___ Dataset records ___

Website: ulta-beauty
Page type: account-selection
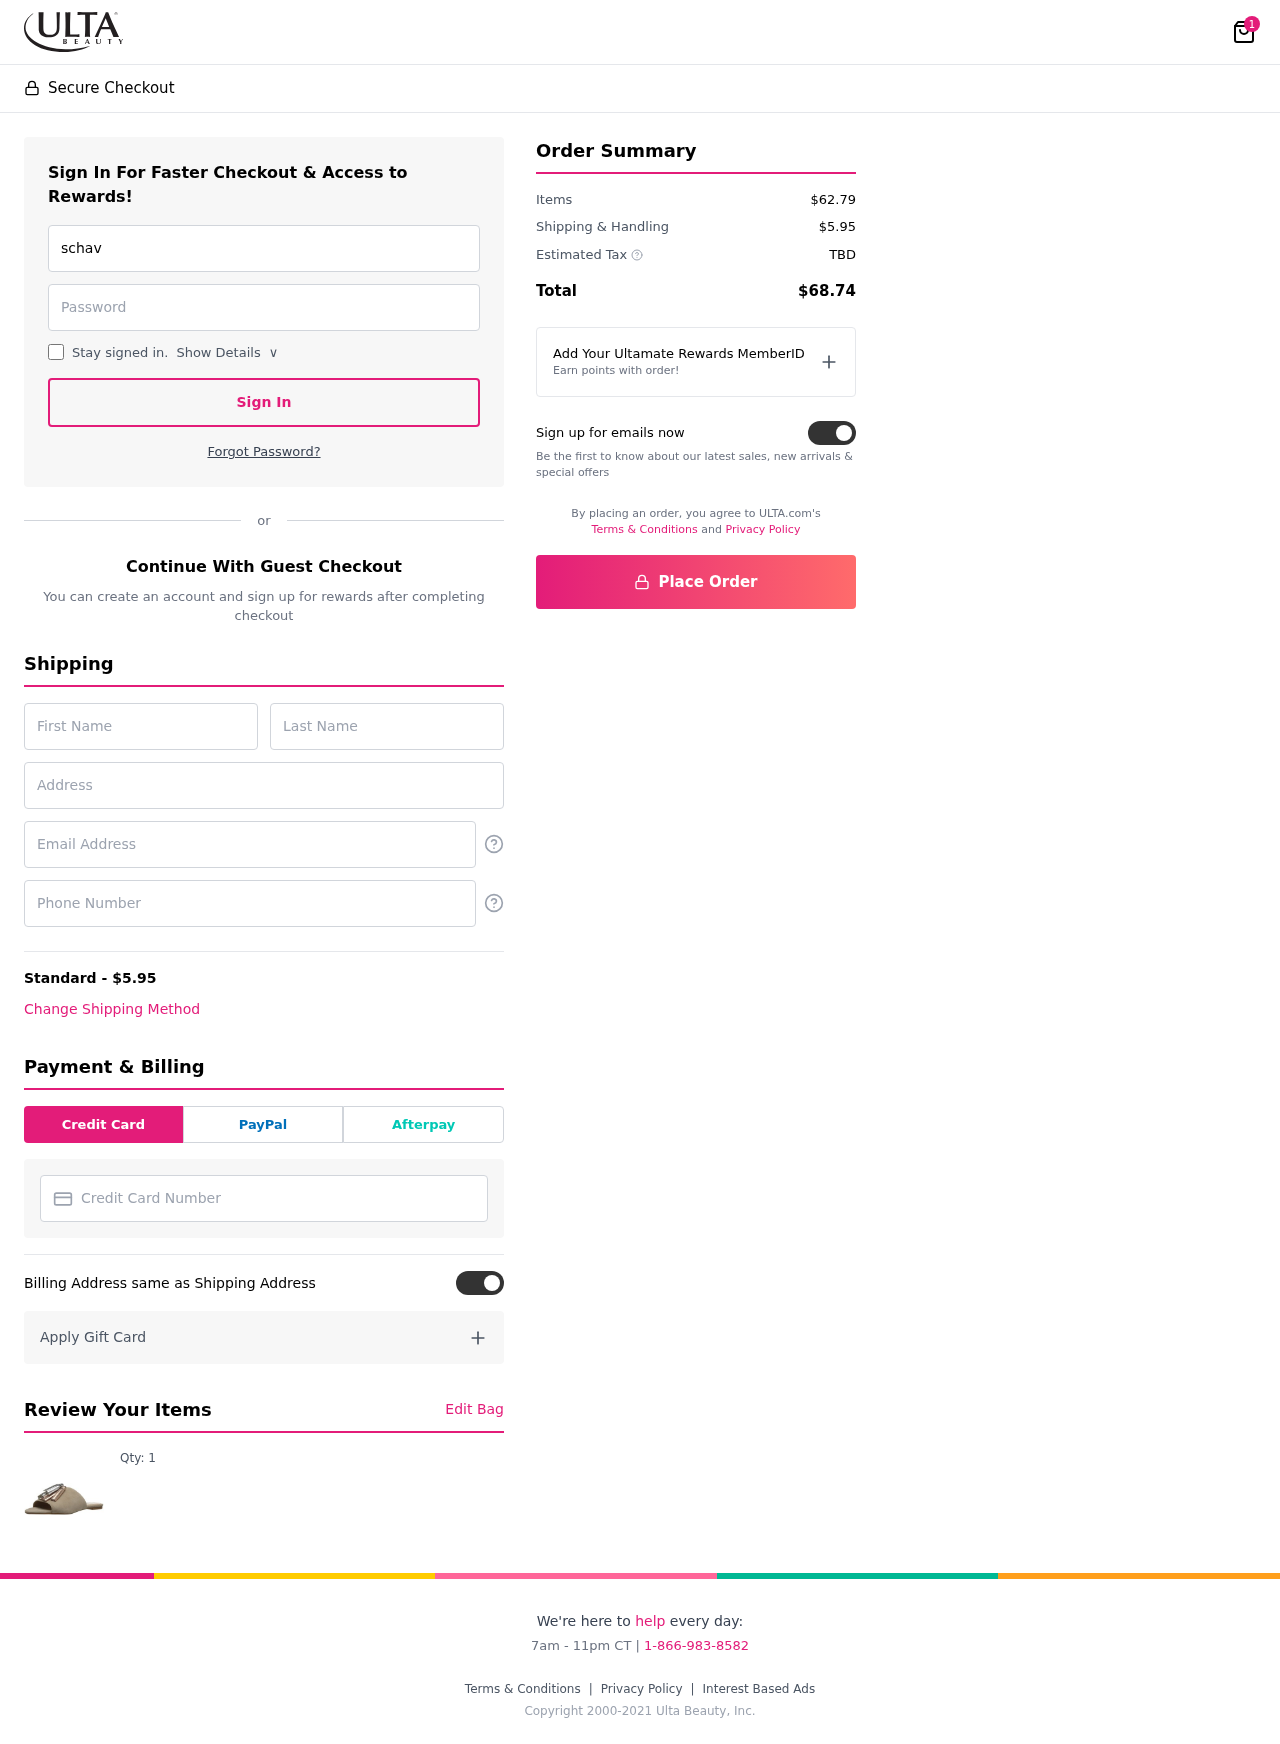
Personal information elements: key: PII_CARD_NUMBER
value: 4994 3658 8587 4054
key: PII_EMAIL
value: schavez@hotmail.com
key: PII_EMAIL2
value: schavez@hotmail.com
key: PII_FIRSTNAME
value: Sharon
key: PII_LASTNAME
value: Chavez
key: PII_PHONE
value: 8404598412
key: PII_STREET
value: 6195 John Court
Product elements: key: PRODUCT1_QUANTITY
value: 1
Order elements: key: ORDER_NUM_ITEMS
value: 1
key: ORDER_SHIPPING_COST
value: $5.95
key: ORDER_SUBTOTAL
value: $62.79
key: ORDER_TAX
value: TBD
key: ORDER_TOTAL
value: $68.74
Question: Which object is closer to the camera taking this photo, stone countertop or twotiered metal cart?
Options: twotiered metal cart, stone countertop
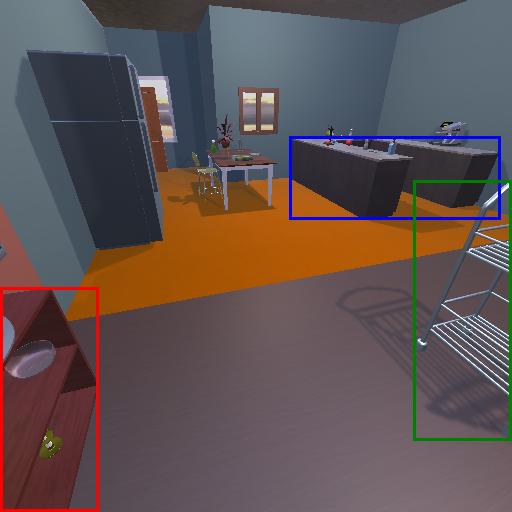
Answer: twotiered metal cart
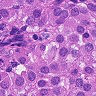
Metastatic tissue present: yes
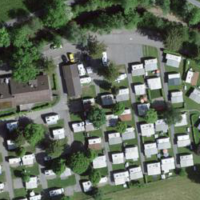
EUNIS habitat code: 55
Species observed at this site:
Cornus sanguinea
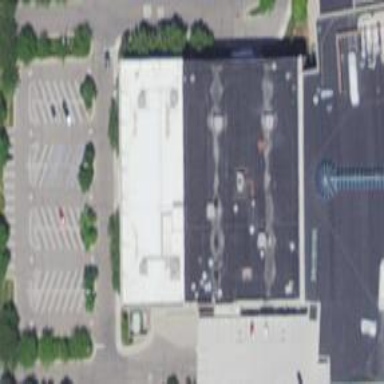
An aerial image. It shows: Department store.
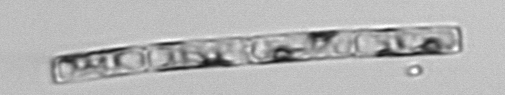
Label: Guinardia_delicatula
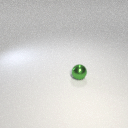
small green metal sphere
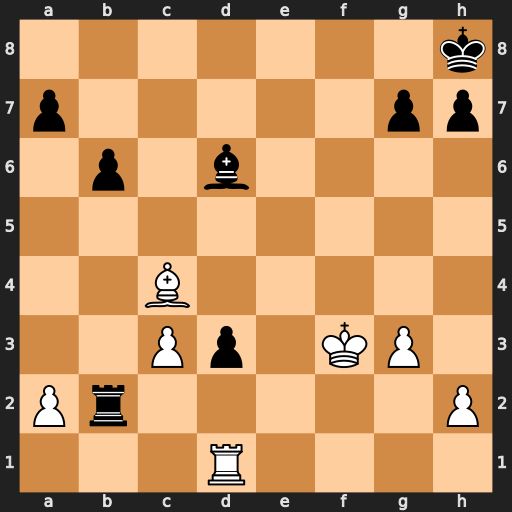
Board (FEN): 7k/p5pp/1p1b4/8/2B5/2Pp1KP1/Pr5P/3R4
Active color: w
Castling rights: -
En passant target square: -
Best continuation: Rxd3 g6 Rxd6
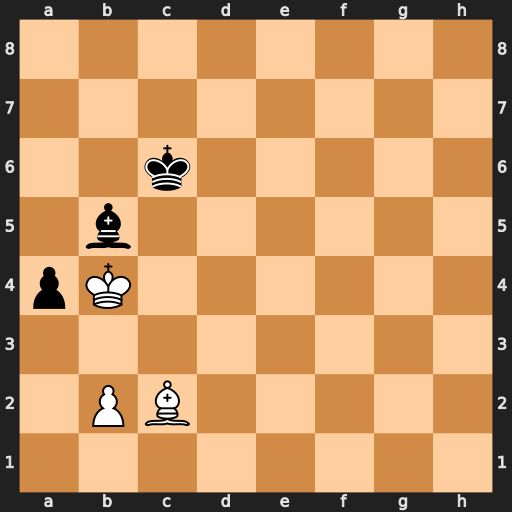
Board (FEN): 8/8/2k5/1b6/pK6/8/1PB5/8
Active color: w
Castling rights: -
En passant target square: -
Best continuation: Bxa4 Bxa4 Kxa4 Kb6 Kb4
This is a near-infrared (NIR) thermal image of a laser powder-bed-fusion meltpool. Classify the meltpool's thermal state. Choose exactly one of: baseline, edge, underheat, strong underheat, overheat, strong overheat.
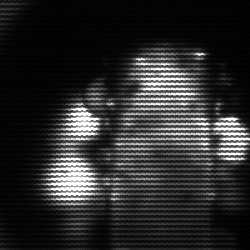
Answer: strong underheat
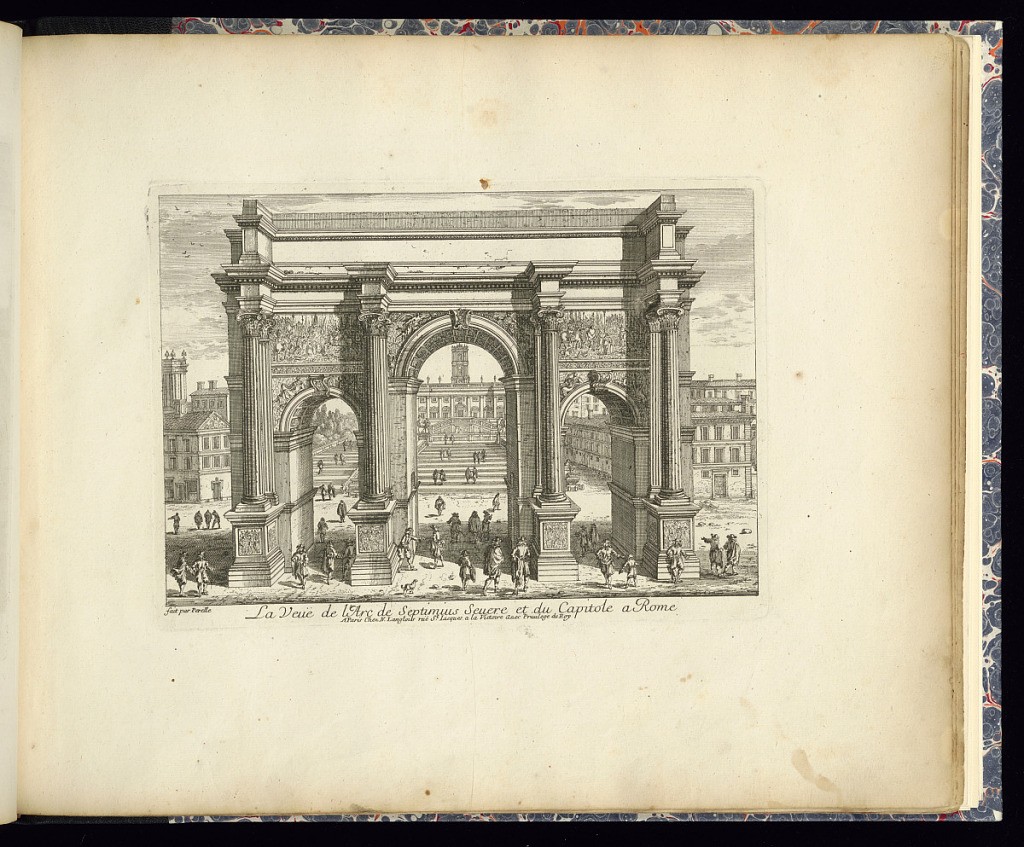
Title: La Veuë de l’Arc de Septimius Severe et du Capitole a Rome
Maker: Gabriel Perelle, French, 1604–1677
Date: late 17th century
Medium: Etching on laid paper
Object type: Print
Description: View of the Arch of Septimius Severus and the Capitolium (in Rome) visible in the background through the arches with steps and buildings on either side. Figures throughout. The triumphal arch consists of three arches, friezes, and columns. The plate is titled and signed.
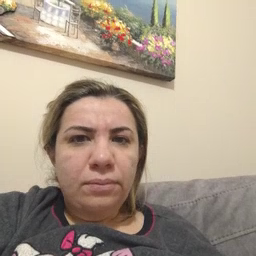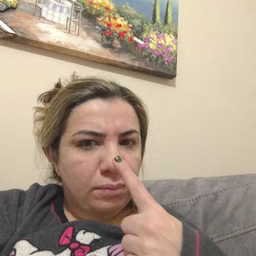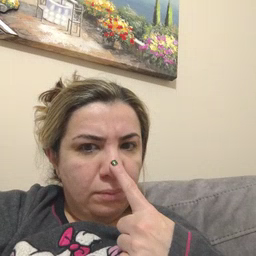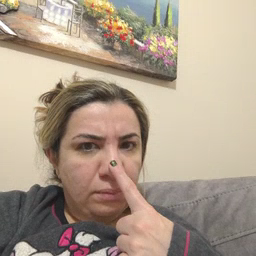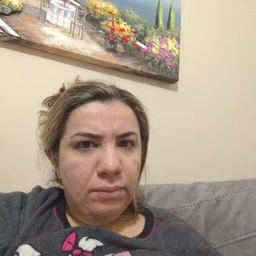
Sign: nose
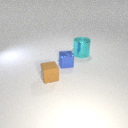
large cyan metal cylinder to the right of small brown rubber cube
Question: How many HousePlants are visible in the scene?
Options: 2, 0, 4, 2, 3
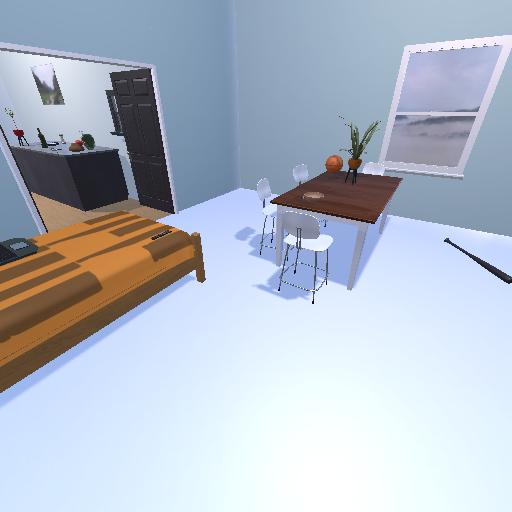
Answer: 2
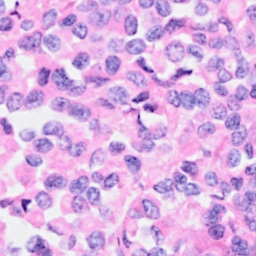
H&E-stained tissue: Breast
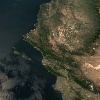
Label: land

___

- **Problem to work on**
Pictures are not part of the copy. Return every record exactly.

- **Result**
Website: ulta-beauty
Page type: account-selection
Personal information elements: key: PII_CARD_NUMBER
value: 4994 3658 8587 4054
key: PII_EMAIL
value: schavez@hotmail.com
key: PII_EMAIL2
value: schavez@hotmail.com
key: PII_FIRSTNAME
value: Sharon
key: PII_LASTNAME
value: Chavez
key: PII_PHONE
value: 8404598412
key: PII_STREET
value: 6195 John Court
Product elements: key: PRODUCT1_QUANTITY
value: 1
Order elements: key: ORDER_NUM_ITEMS
value: 1
key: ORDER_SHIPPING_COST
value: $5.95
key: ORDER_SUBTOTAL
value: $62.79
key: ORDER_TAX
value: TBD
key: ORDER_TOTAL
value: $68.74
Question: Which object is closer to the camera taking this photo, stone countertop or twotiered metal cart?
Options: twotiered metal cart, stone countertop
Answer: twotiered metal cart
Metastatic tissue present: yes
EUNIS habitat code: 55
Species observed at this site:
Cornus sanguinea
An aerial image. It shows: Department store.
Label: Guinardia_delicatula
small green metal sphere
Board (FEN): 7k/p5pp/1p1b4/8/2B5/2Pp1KP1/Pr5P/3R4
Active color: w
Castling rights: -
En passant target square: -
Best continuation: Rxd3 g6 Rxd6
Board (FEN): 8/8/2k5/1b6/pK6/8/1PB5/8
Active color: w
Castling rights: -
En passant target square: -
Best continuation: Bxa4 Bxa4 Kxa4 Kb6 Kb4
This is a near-infrared (NIR) thermal image of a laser powder-bed-fusion meltpool. Classify the meltpool's thermal state. Choose exactly one of: baseline, edge, underheat, strong underheat, overheat, strong overheat.
Answer: strong underheat
Title: La Veuë de l’Arc de Septimius Severe et du Capitole a Rome
Maker: Gabriel Perelle, French, 1604–1677
Date: late 17th century
Medium: Etching on laid paper
Object type: Print
Description: View of the Arch of Septimius Severus and the Capitolium (in Rome) visible in the background through the arches with steps and buildings on either side. Figures throughout. The triumphal arch consists of three arches, friezes, and columns. The plate is titled and signed.
Sign: nose
large cyan metal cylinder to the right of small brown rubber cube
Question: How many HousePlants are visible in the scene?
Options: 2, 0, 4, 2, 3
Answer: 2
H&E-stained tissue: Breast
Label: land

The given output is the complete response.